Impact of pay for performance on quality of chronic disease management by social class group in England

J R Soc Med. 2009 Mar;102(3):103-7. doi: 10.1258/jrsm.2009.080389.

Abstract

Objective: To examine associations between social class and achievement of selected national audit targets for coronary heart disease (CHD), diabetes and hypertension in England before and after the introduction of a major pay for performance programme in 2004.

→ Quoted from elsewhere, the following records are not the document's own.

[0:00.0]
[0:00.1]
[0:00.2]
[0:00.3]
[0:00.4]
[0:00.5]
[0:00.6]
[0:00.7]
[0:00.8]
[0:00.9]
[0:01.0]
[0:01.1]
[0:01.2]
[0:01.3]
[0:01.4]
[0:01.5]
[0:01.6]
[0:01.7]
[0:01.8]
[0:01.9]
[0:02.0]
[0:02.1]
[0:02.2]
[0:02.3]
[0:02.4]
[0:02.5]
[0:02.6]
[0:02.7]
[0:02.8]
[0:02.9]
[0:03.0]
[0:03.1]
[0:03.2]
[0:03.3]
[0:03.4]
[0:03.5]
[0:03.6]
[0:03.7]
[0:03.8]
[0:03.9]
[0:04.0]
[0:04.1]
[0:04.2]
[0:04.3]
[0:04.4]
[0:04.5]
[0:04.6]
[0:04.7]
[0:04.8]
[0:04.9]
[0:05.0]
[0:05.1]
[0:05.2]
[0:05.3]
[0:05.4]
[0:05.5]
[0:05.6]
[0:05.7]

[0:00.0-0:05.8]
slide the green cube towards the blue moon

Design: Secondary analysis of 2003 and 2006 national survey data for respondents with CHD and diabetes and hypertension.

Setting: England.

Main outcome measure: Achievement of national audit targets for blood pressure, blood glucose and cholesterol control.

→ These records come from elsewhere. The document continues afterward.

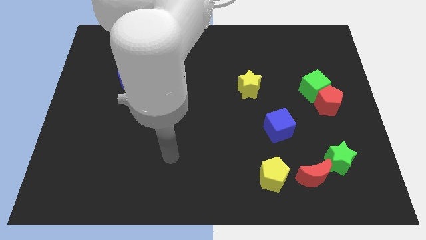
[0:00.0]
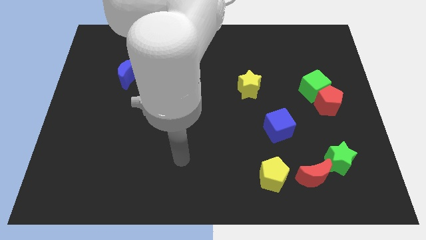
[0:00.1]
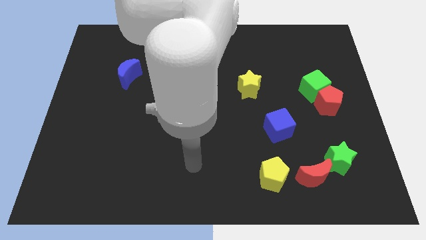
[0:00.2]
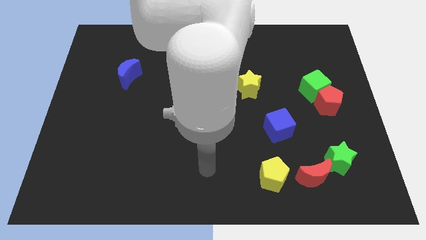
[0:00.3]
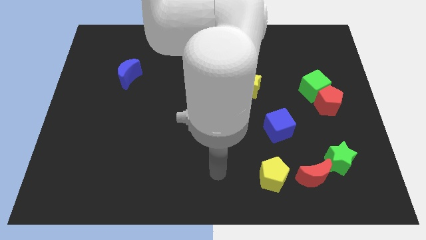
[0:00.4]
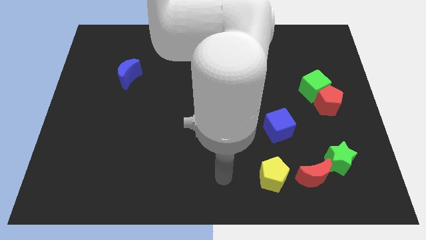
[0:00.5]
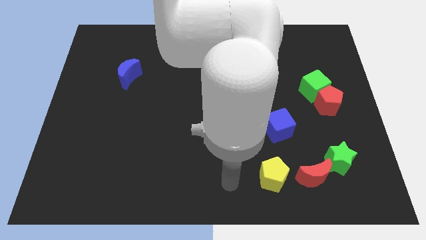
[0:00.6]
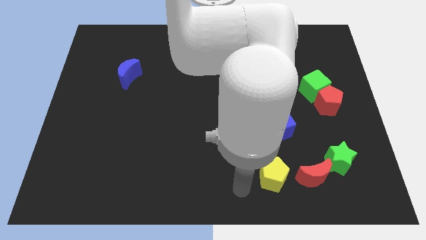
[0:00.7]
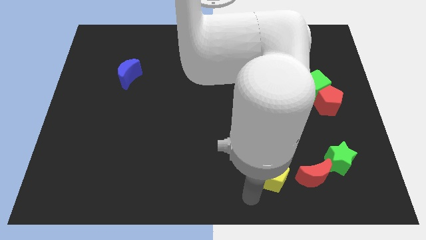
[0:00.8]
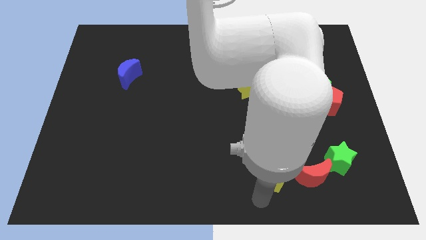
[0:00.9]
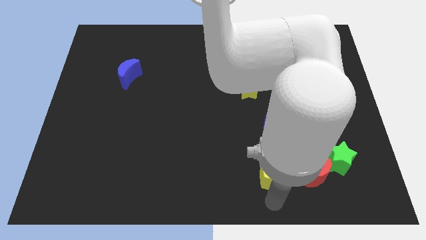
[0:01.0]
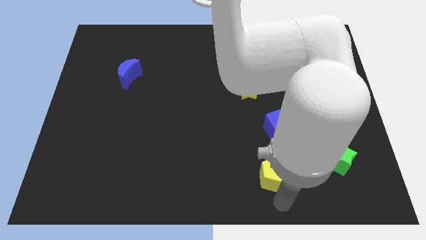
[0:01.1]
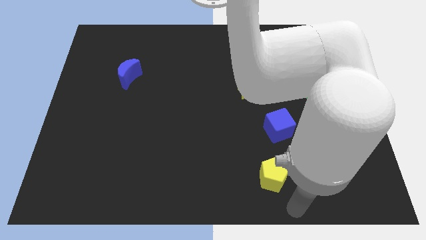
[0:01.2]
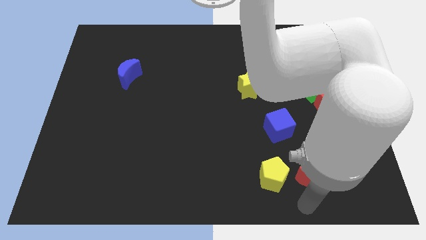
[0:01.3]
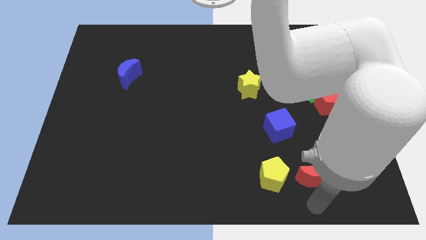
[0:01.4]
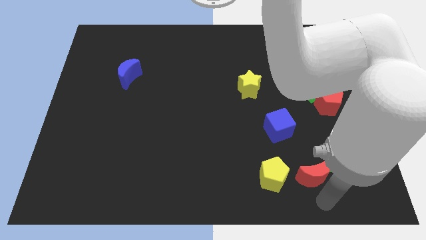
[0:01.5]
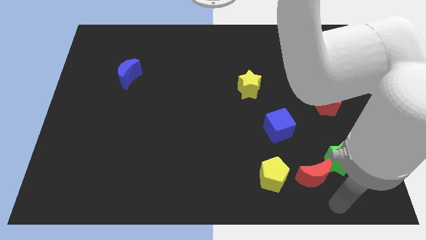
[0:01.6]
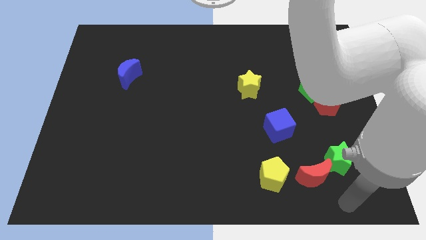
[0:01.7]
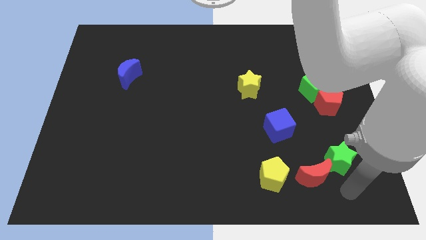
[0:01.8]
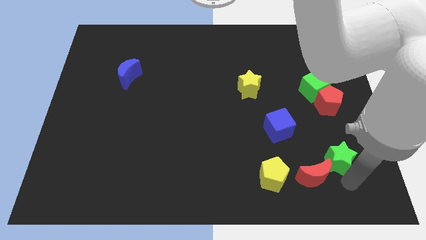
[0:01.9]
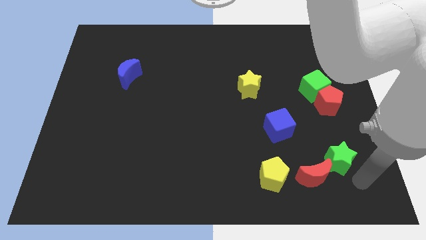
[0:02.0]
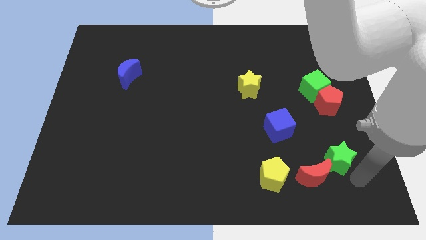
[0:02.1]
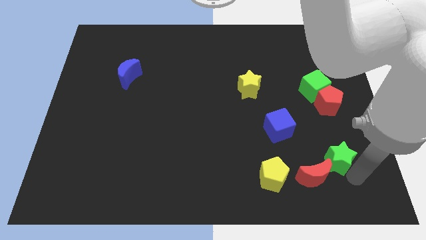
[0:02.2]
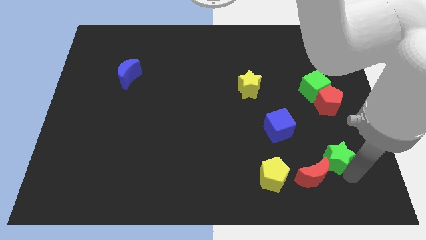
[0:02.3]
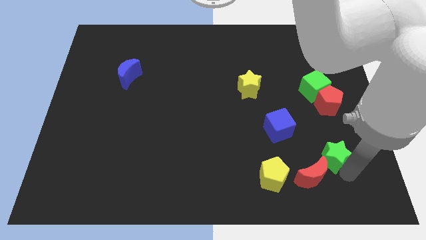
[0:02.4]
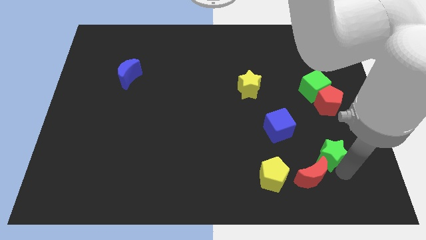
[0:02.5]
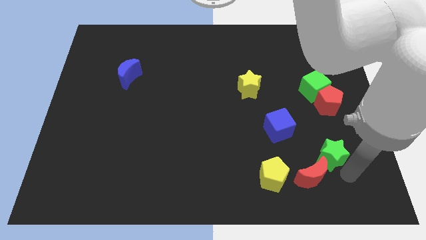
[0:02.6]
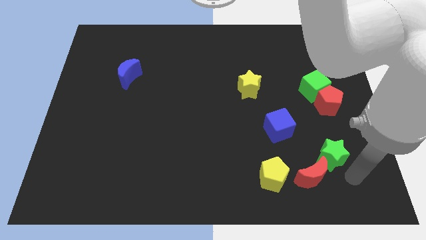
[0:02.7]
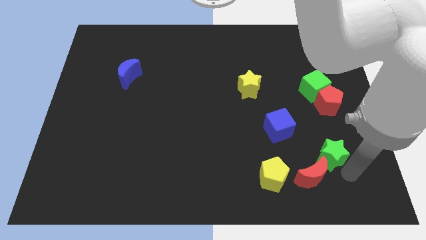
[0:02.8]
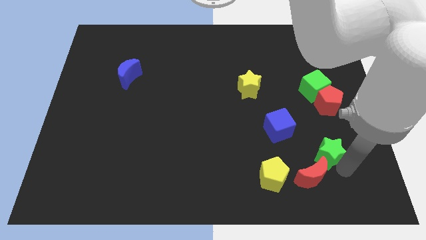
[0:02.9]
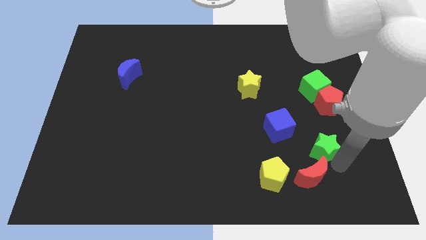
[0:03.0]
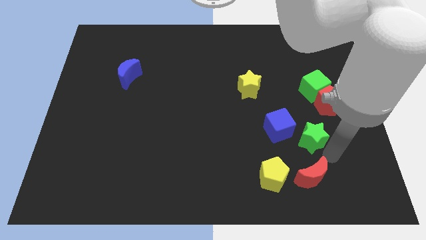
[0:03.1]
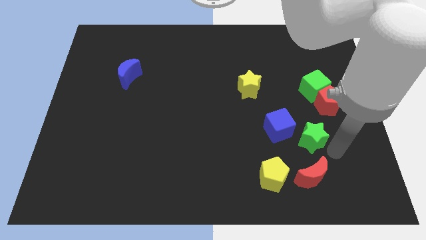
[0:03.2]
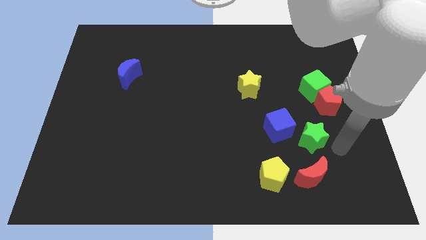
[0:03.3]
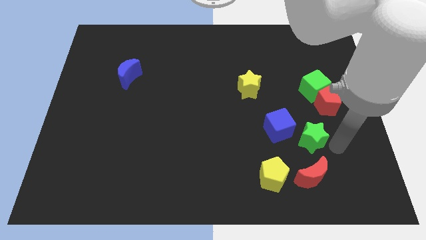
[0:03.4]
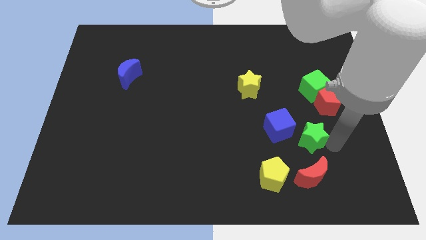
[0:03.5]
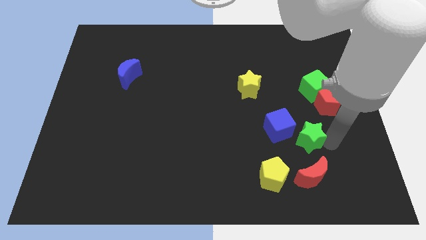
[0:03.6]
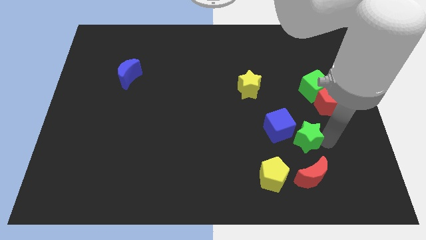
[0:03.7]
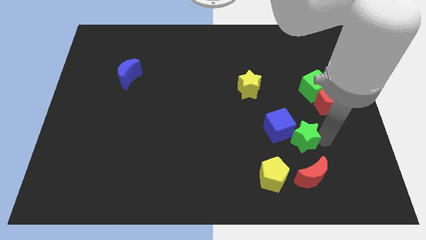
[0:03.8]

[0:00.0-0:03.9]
push the green star to the blue cube

Results: There were no significant differences in achievement of blood pressure targets in individuals from manual and non-manual occupational groups with diabetes (2003: 65.9% v 60.3%, 2006: 67.6% v 69.7%) or hypertension (2003: 66.2% v 66.2%, 2006: 72.8% v 71.9%) before or after the introduction of pay for performance. Achievement of the cholesterol target was also similar in individuals from manual and non-manual groups with diabetes (2003: 52.5% v 46.6%, 2006: 68.7% v 70.5%) or CHD (2003: 54.3% v 53.3%, 2006: 68.6% v 71.3%). Differences in achievement of the blood pressure target in CHD [75.8% v 84.5%; AOR 0.44 (0.21-0.90)] were evident between manual and non-manual occupational groups after the introduction of pay for performance.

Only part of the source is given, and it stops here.